I like to think that everyone we meet has a reason for entering our lives and sharing their energies. The problem is that when you grow up without any queer energy around you and eventually discover you own queerness, there is no sense of freedom in how to discover that very part of yourself, as I would learn during my 16th year of walking on the gentrified grounds of my home reluctantly taken from Mother Nature.
I had my first boyfriend when I was 16. For nine months I pretended I felt safe, comfortable, and that everything about him was okay. For the most part is was, at least in my 16 year old brain. After we broke up, I fell into the trap that most queer kids are taken into: an endless sea of “Masc only,” “no fems,” “no fats,” and countless other pre-requisites I apparently did not fit into. This is where the battle began.

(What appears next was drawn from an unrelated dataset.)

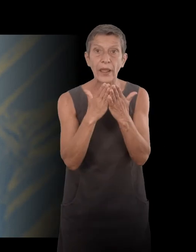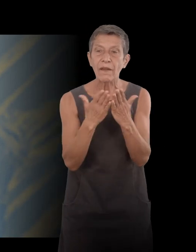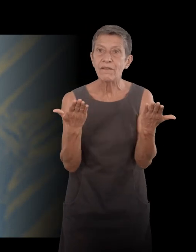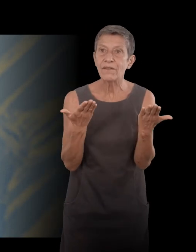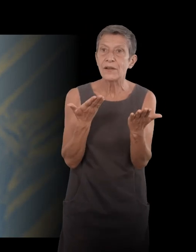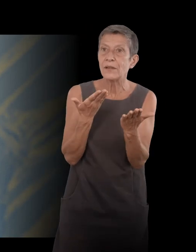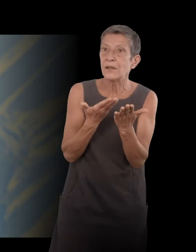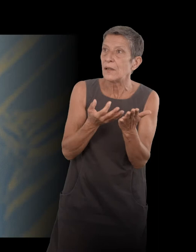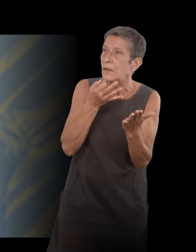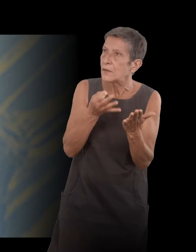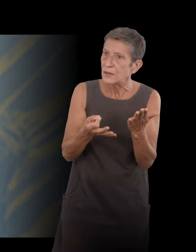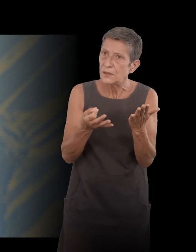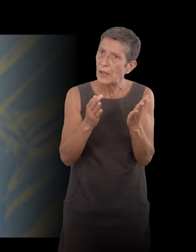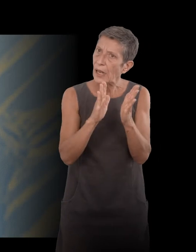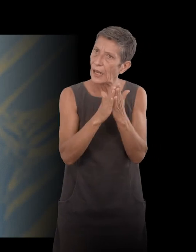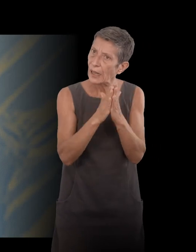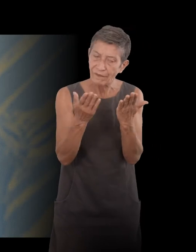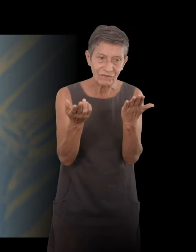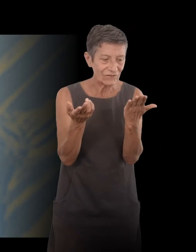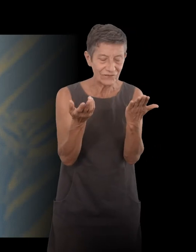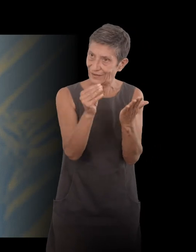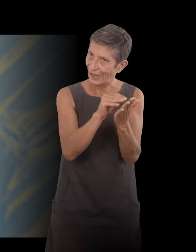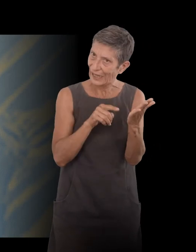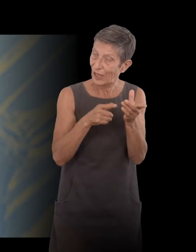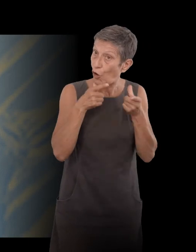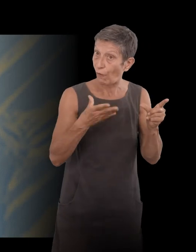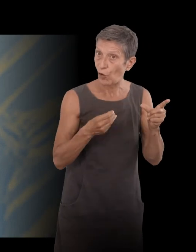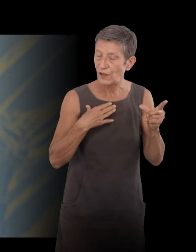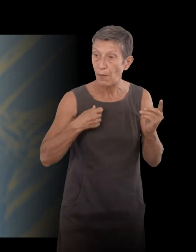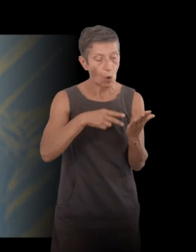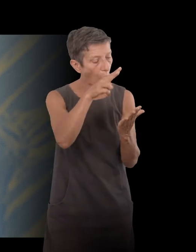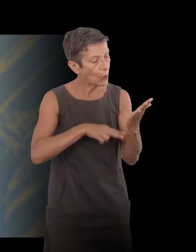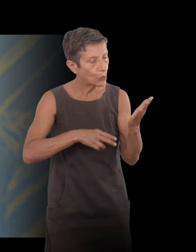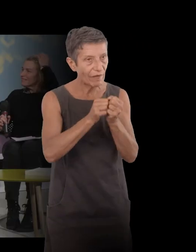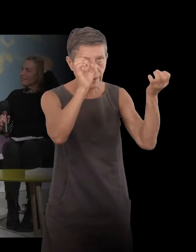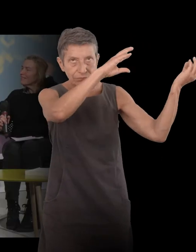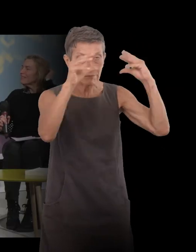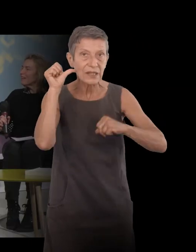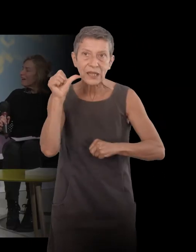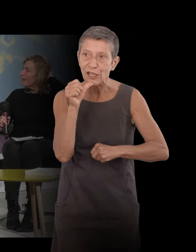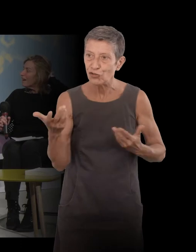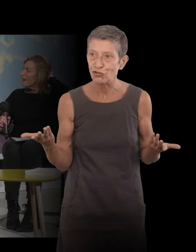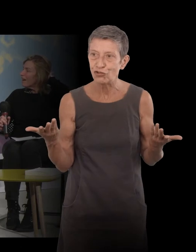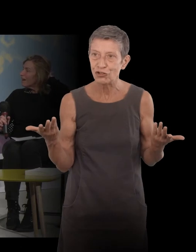« Vous avez écrit le livre en français, mais nous, on l'a lu en yiddish ». Ah oui ? Oui. Parce que
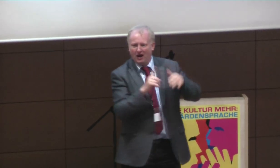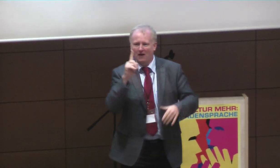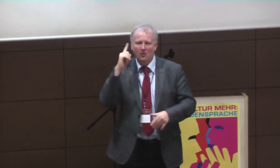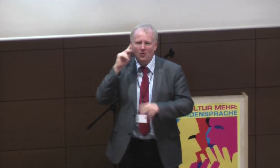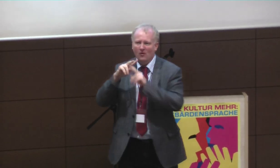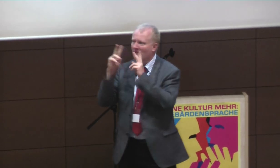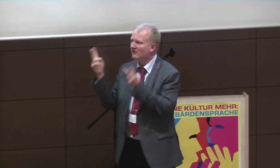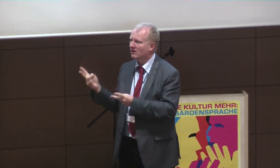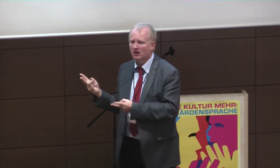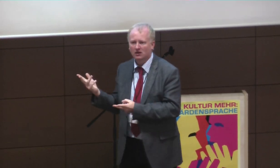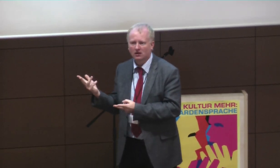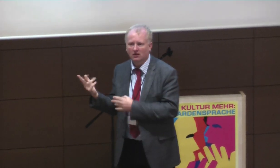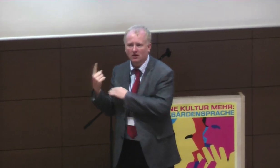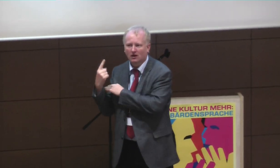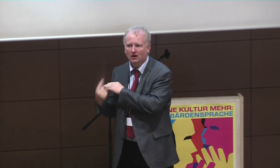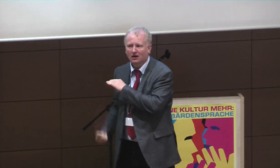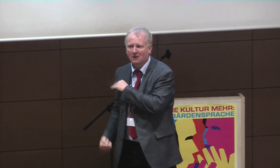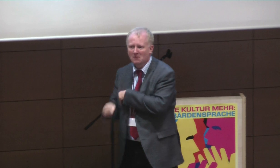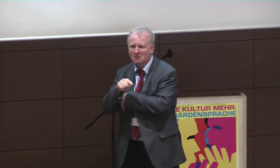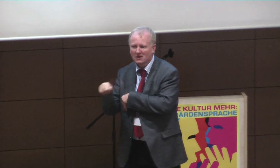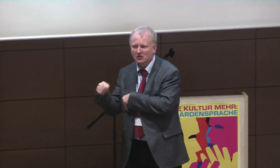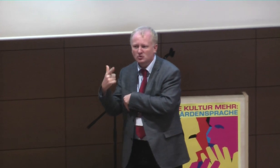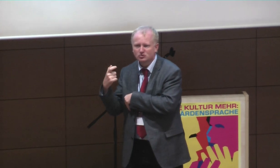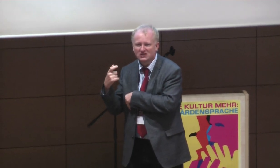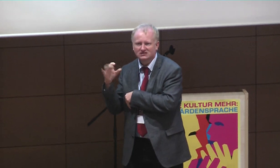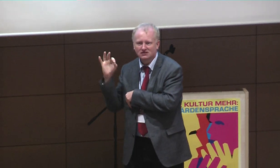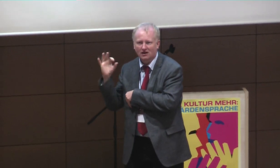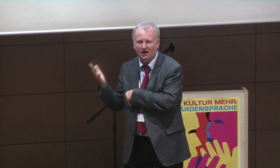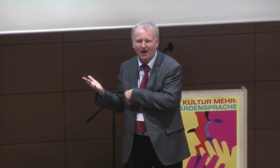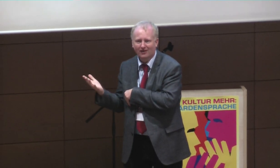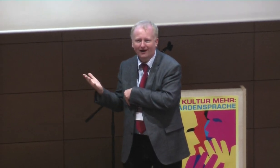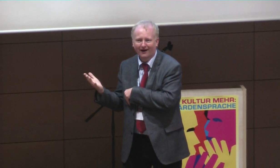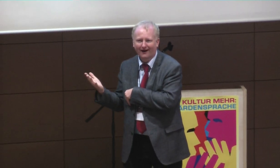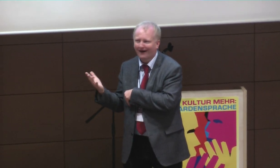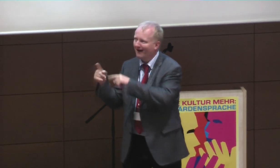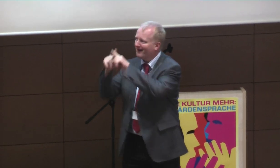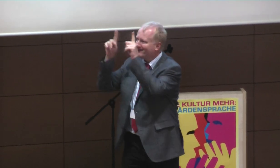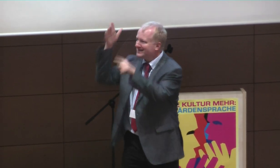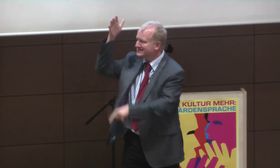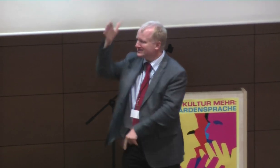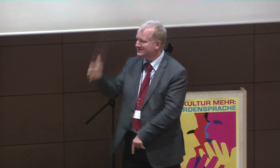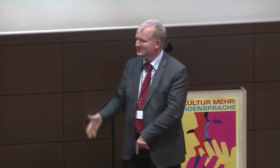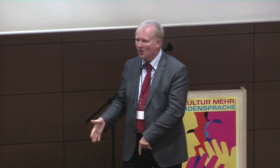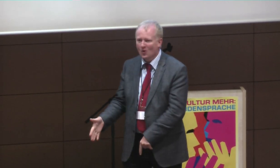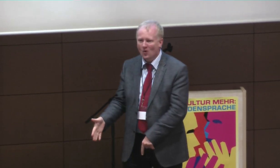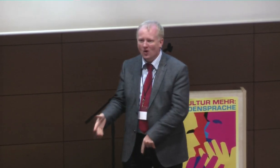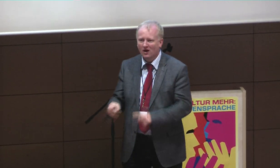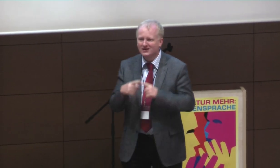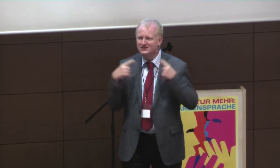das alles, und in der Gehörtenwelt, ähm, ist das gar nicht so, ne, da ist, äh, wirklich heiß diskutiert, da sind quasi minus 20 Grad,

Up until then, I thought I was everything my soul was forged to be. I thought, “how can I be too gay for gay people,” “how can I not fit into a community that doesn’t fit into the majority”. I would struggle for the next three years with my own identity and walk around pretending I knew I deserved to be here rather than convincing myself that I did. Whether it was making sure my wrist wasn’t too “limp” or holding myself back from painting my nails (both things that, in retrospect, were such minor notions to think about), I tried to keep myself from fitting the “feminine” stereotypes that I had retained from who knows who.
What I did not realize at the time, is that my fear was not rooted in being outcast from the mainstream in which I grew up in, but rather my fear came from an internalized place of sexism and homophobia. I speak here of the product that results from years and years of consuming shows, movies, plays, songs, and books that demonized and de-humanized both women and fem men. I would watch countless beloved childhood movies and see fem men portray evil (Hercules, Lion King). It’s no wonder I grew up to fear the feminine and want to run from it.
Another aspect of my internal fear and need-for-escape from the feminine was rooted in my own internal homophobia. Which is something that I am working to continuously uproot and decolonize. There were very few representations of queer people my eyes could find growing up. I say that as a cis, white man. There are even less chances for queer, trans, people of color to see themselves onscreen even now. The only few representations of myself I could think of feel both unaligned with queer freedoms and distant from reality. I think of Kurt and Blaine from Glee, or Jake Gyllenhaal and Heath Ledger in Brokeback Mountain, or maybe… nope that’s about it. Most or all of these representations, I was shown fear, terror, and unhappiness. So again, in retrospect, it’s almost no wonder I grew to fear my own identity as a queer person.
To discover one's identity can be one of the most beautiful processes to occur in one's life. It is a journey of freedom, discovery, and power. I have recently been reading “The Selected Works of Audre Lorde,'' and have not been able to put it down. Within her poetic and powerful prose, she writes about the power of the feminine. Though she is writing as a Black lesbian feminist and to the point of and for women of color, I read these words with my own identity in mind, and they speak as loud as fireworks to my soul. Her words provide the ability to recognize my own internal power and my own feminine existence as a queer person. Her power lives through the Earth and, with every word written and page turned, finds its way into every cell within me.
My journey continues, every single day. I work to decolonize and redefine my own mind as well as my identity. Learning that gender does not exist, sexuality is fluid, and with the discovery of one's identity comes power. And power can not be taken from you. Only your perception of your own power can be altered.